I have no inside information, no best friend in the Fed, no hotline to Cramer. I’m as surprised as anyone that we keep closing within a few pennies of our forecast.
I mean, I believe in harmonics and chart patterns and technical analysis — overlayed with common sense. And, I (usually) know when to bail on a losing position. But, this is just plain creepy.
Today marked our first quarter-end, and we’re up almost 35% on a cash basis based on forecast highs and lows that I’ve posted. Today was icing on the cake, as we landed within inches of our 1326.19 target.
Thanks to all of you who’ve joined over the past three months. I appreciate the faith you’ve shown in joining up, and will continue to do my best to offer the best information I can.
As always, the big question after a day like today is “what’s next?”
continued…
SPX very nearly reached the other side of the channel I drew. Just eyeballing it, there’s at most a couple of points it could drop before the channel would need to be redrawn.

We’ve retraced .382 of the A-B rise from 1266 to 1363, a perfectly acceptable Point C. We’ve also very nearly backtested the upper bound of the channel that brought us down from 1415.
The Dow is even more clear cut. There’s nearly a .382/.786 tag on the daily chart…




Comments
5 responses to “The Answer is No”
Hello PW, a comment on your DX chart in the prior post. From that chart, it indicates DX would go as low as 79.25 in early July (current DX is 82.23) It seems like DX should mover higher.
Can you explain how DX would go lower when (1) no QE for now and USD is stronger (2) Euro is not fixed. Attention is shifted from Greece to Spain. Euro should decline. (3) If ECB prints, Euro value would go lower. (in other words, whether ECB prints or not, Euro goes lower).
I expect stocks to have a very nice little run over the next several weeks, meaning DX should show some weakness. On Jan 13, DX began a 3.6-pt slide from 82.05 to 78.43 on Feb 9. SPX rose 77 points over the same period.
I’m looking for DX to get down to around 79 by July opex — a 3.4 pt decline. A 70-80 pt increase in stocks would put SPX around 1390-1400.
From there, though, I expect a strong increase in DX as stocks sell off.
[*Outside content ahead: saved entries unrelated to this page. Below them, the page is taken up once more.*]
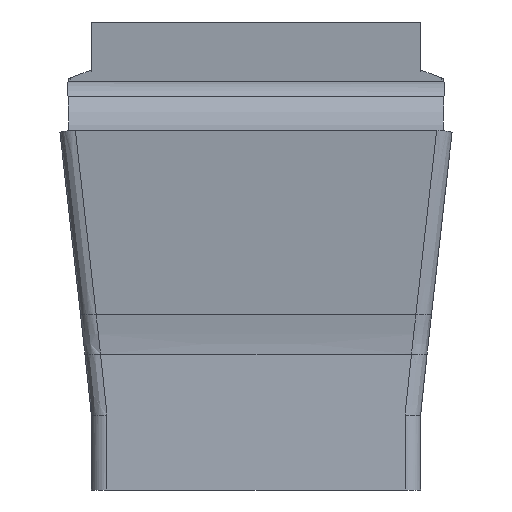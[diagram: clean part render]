
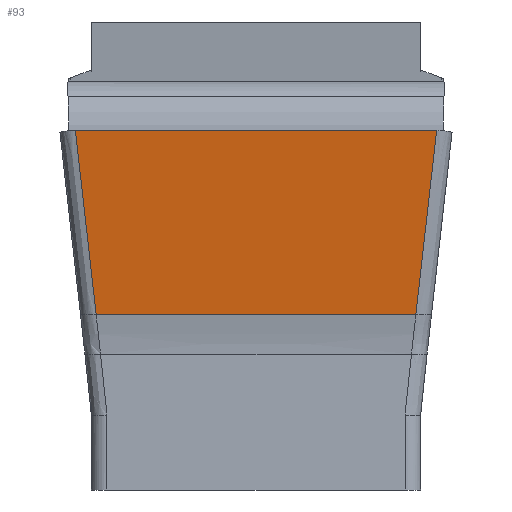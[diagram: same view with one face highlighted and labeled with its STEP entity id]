
A CAD part, front view. The second image highlights one B-rep face of the part: STEP entity #93.
In plain terms, the highlighted planar face has unit normal (0, -0.993, -0.122).
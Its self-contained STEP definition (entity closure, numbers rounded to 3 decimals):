
#93=ADVANCED_FACE('SIDE_FP_AN_SU1',(#159),#131,.T.);
#131=PLANE('',#898);
#159=FACE_OUTER_BOUND('',#205,.T.);
#205=EDGE_LOOP('',(#403,#404,#405,#406));
#270=B_SPLINE_CURVE_WITH_KNOTS('',3,(#1613,#1614,#1615,#1616),
 .UNSPECIFIED.,.F.,.F.,(4,4),(0.,1.),.UNSPECIFIED.);
#272=B_SPLINE_CURVE_WITH_KNOTS('',3,(#1643,#1644,#1645,#1646),
 .UNSPECIFIED.,.F.,.F.,(4,4),(0.,1.),.UNSPECIFIED.);
#403=ORIENTED_EDGE('',*,*,#698,.T.);
#404=ORIENTED_EDGE('',*,*,#703,.T.);
#405=ORIENTED_EDGE('',*,*,#700,.T.);
#406=ORIENTED_EDGE('',*,*,#704,.F.);
#599=VERTEX_POINT('',#1612);
#600=VERTEX_POINT('',#1617);
#601=VERTEX_POINT('',#1647);
#602=VERTEX_POINT('',#1648);
#698=EDGE_CURVE('',#600,#599,#270,.T.);
#700=EDGE_CURVE('',#601,#602,#272,.T.);
#703=EDGE_CURVE('',#599,#601,#775,.T.);
#704=EDGE_CURVE('',#600,#602,#776,.T.);
#775=LINE('',#1690,#827);
#776=LINE('',#1691,#828);
#827=VECTOR('',#1000,1.);
#828=VECTOR('',#1001,1.);
#898=AXIS2_PLACEMENT_3D('',#1692,#1002,#1003);
#1000=DIRECTION('',(-1.,0.,0.));
#1001=DIRECTION('',(-1.,0.,0.));
#1002=DIRECTION('',(0.,-0.993,-0.122));
#1003=DIRECTION('',(-1.,0.,0.));
#1612=CARTESIAN_POINT('',(2.303,-12.378,0.));
#1613=CARTESIAN_POINT('',(2.038,-12.09,-2.351));
#1614=CARTESIAN_POINT('',(2.126,-12.186,-1.567));
#1615=CARTESIAN_POINT('',(2.215,-12.282,-0.784));
#1616=CARTESIAN_POINT('',(2.303,-12.378,0.));
#1617=CARTESIAN_POINT('',(2.038,-12.09,-2.351));
#1643=CARTESIAN_POINT('',(-2.303,-12.378,0.));
#1644=CARTESIAN_POINT('',(-2.215,-12.282,-0.784));
#1645=CARTESIAN_POINT('',(-2.126,-12.186,-1.567));
#1646=CARTESIAN_POINT('',(-2.038,-12.09,-2.351));
#1647=CARTESIAN_POINT('',(-2.303,-12.378,0.));
#1648=CARTESIAN_POINT('',(-2.038,-12.09,-2.351));
#1690=CARTESIAN_POINT('',(0.,-12.378,0.));
#1691=CARTESIAN_POINT('',(0.,-12.09,-2.351));
#1692=CARTESIAN_POINT('',(0.,-12.917,4.384));

I can only speculate on what fundamental news or rumor might rally stocks, but believe the chart picture is ST bullish.
I’ll update the DX chart later, but we’re most of the way through the H&S pattern I charted two weeks ago: https://pebblewriter.com/the-dollar-currents-see/
Neely is pointing to a sub-1290 number with possible test of 1266 with another bounce to follow. Any harmonics mesh up with that forecast?
Meant Nenner, sorry.
thanks for all you do!!! I’m a pretty good chartist and it’s a good to see most of the time we are on the same page, but those times I have to question what I see and not what I feel, your analysis makes me make that hard decision that much easier. Great job bud!!!